We’ve had sales reps visiting our store almost every day for the past several weeks, most of them bringing along stacks of galleys to add to our ever-growing piles. The other day I boxed up all the ARCs of books that have already come into our store, save a handful I thought our booksellers might still be keen to read in galley form. I also cleared off a shelf that had previously held some display props, and only then did I have enough space in my office bookcase to house the galleys for titles coming out between now and August, of which there seem to be more and more each season.
Thinking some of you might need help visualizing this predicament, I took some photos so you could see for yourself. In the shot below is the (cheap) Ikea bookcase that is home to our children’s and YA galleys, sorted by month, so that I can easily remove old ones from the shelf in order to make room for new ones. (The ones I remove get donated to a local organization called Read Boston.) Ignore the top shelf (which on the left houses older galleys I still hope to read one of these days and on the right houses back issues of the Horn Book and various children’s literature reference books) — the shelves below those are all galleys for books being published between now and August (a handful at the end are September and October). Yes, there are a few we have multiple copies of, but those duplicates are offset by the fact that I also took a number of forthcoming galleys home to clutter up my bookcases there. AND some of our galeys have been borrowed by other booksellers and by the few kids who read and review ARC’s for us these days. AND there are a few publishers who don’t send us complete sets of their galleys, so not all of their books are here either.
Not too bad, you’re thinking? Well… I thought the same thing. When they’re lined up the impossibility of reading all those books somehow seems a bit less frightening. It’s deceptive. So I took another photo but staged things a bit differently for this one. I pulled all the galleys off the shelf that correspond with books being published only in the month of MAY, so that you can see how tall just that one month’s pile turns out to be. I even removed any duplicate galleys, so you couldn’t accuse me of cheating for effect.
(That’s a bit scarier looking, no?) For the sake of scale, I also took a (rather unflattering shot) of me, standing beside that May galley pile. Wearing shoes my height = 5′ 4.

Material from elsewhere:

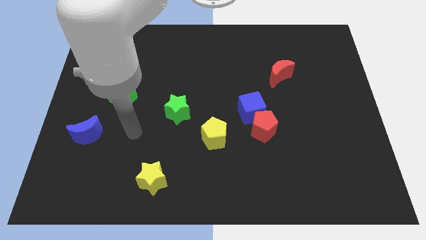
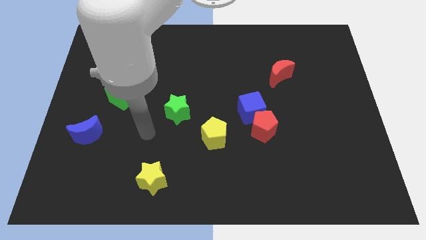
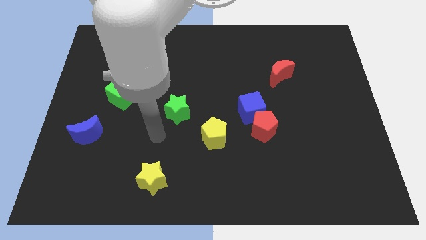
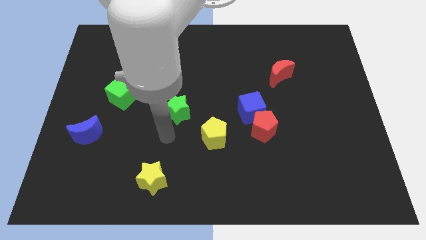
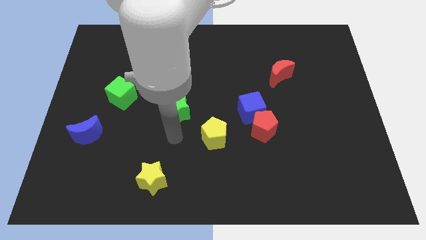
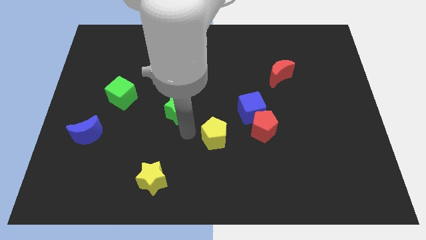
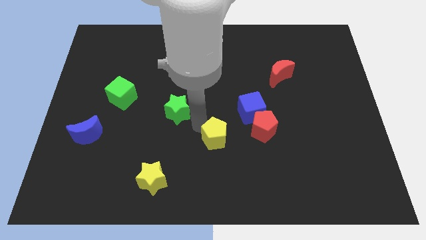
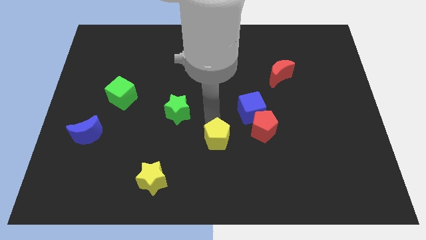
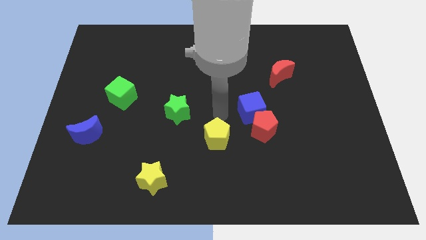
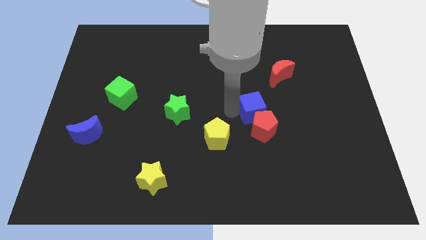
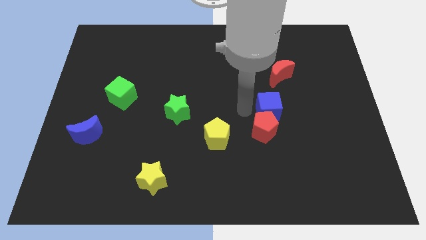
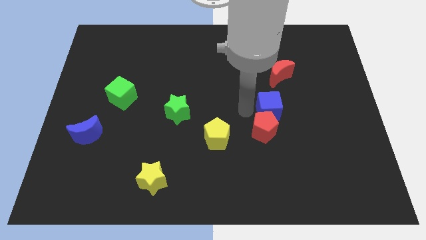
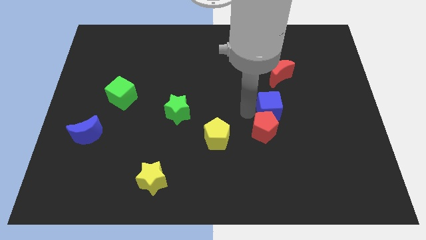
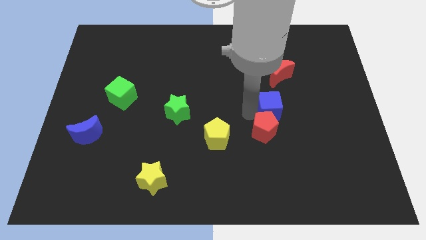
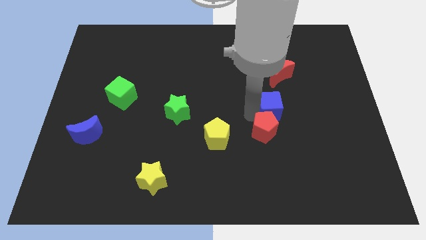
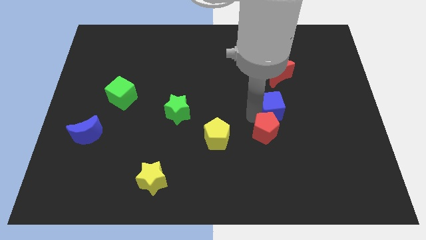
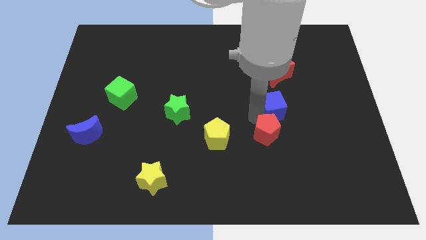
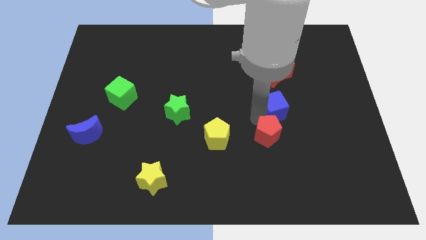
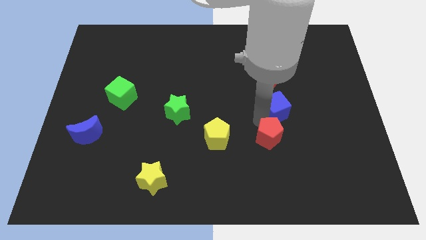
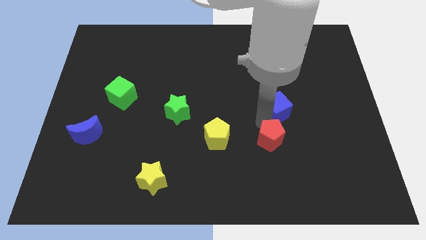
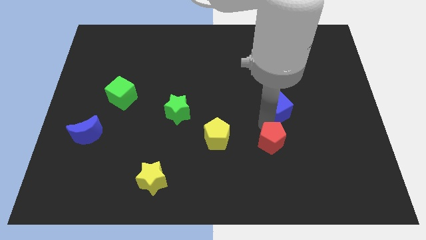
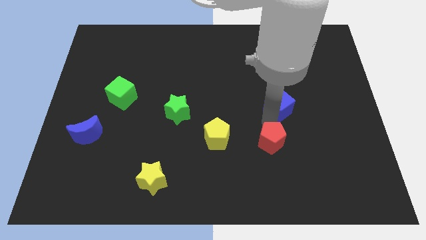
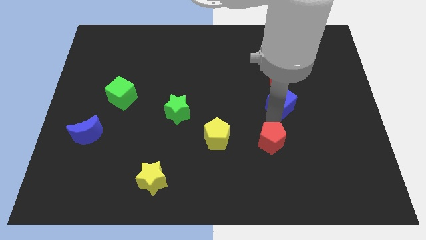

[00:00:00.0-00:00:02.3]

There are about 60 galleys in that pile, which stretches out to approx. 4 feet of books coming out from predominantly large publishers in just ONE month this year. And, again, there are some galleys missing from that stack, so I’m certainly not accounting for everything.
Even the laziest bookseller in the least busy bookstore in the country STILL couldn’t possibly read all the books coming out in a given season nowadays. And those of us at the opposite end of the spectrum (which describes most of the booksellers I know) are lucky if we’re managing to make much more than a dent. Especially when it comes to months as jam-packed as this coming May!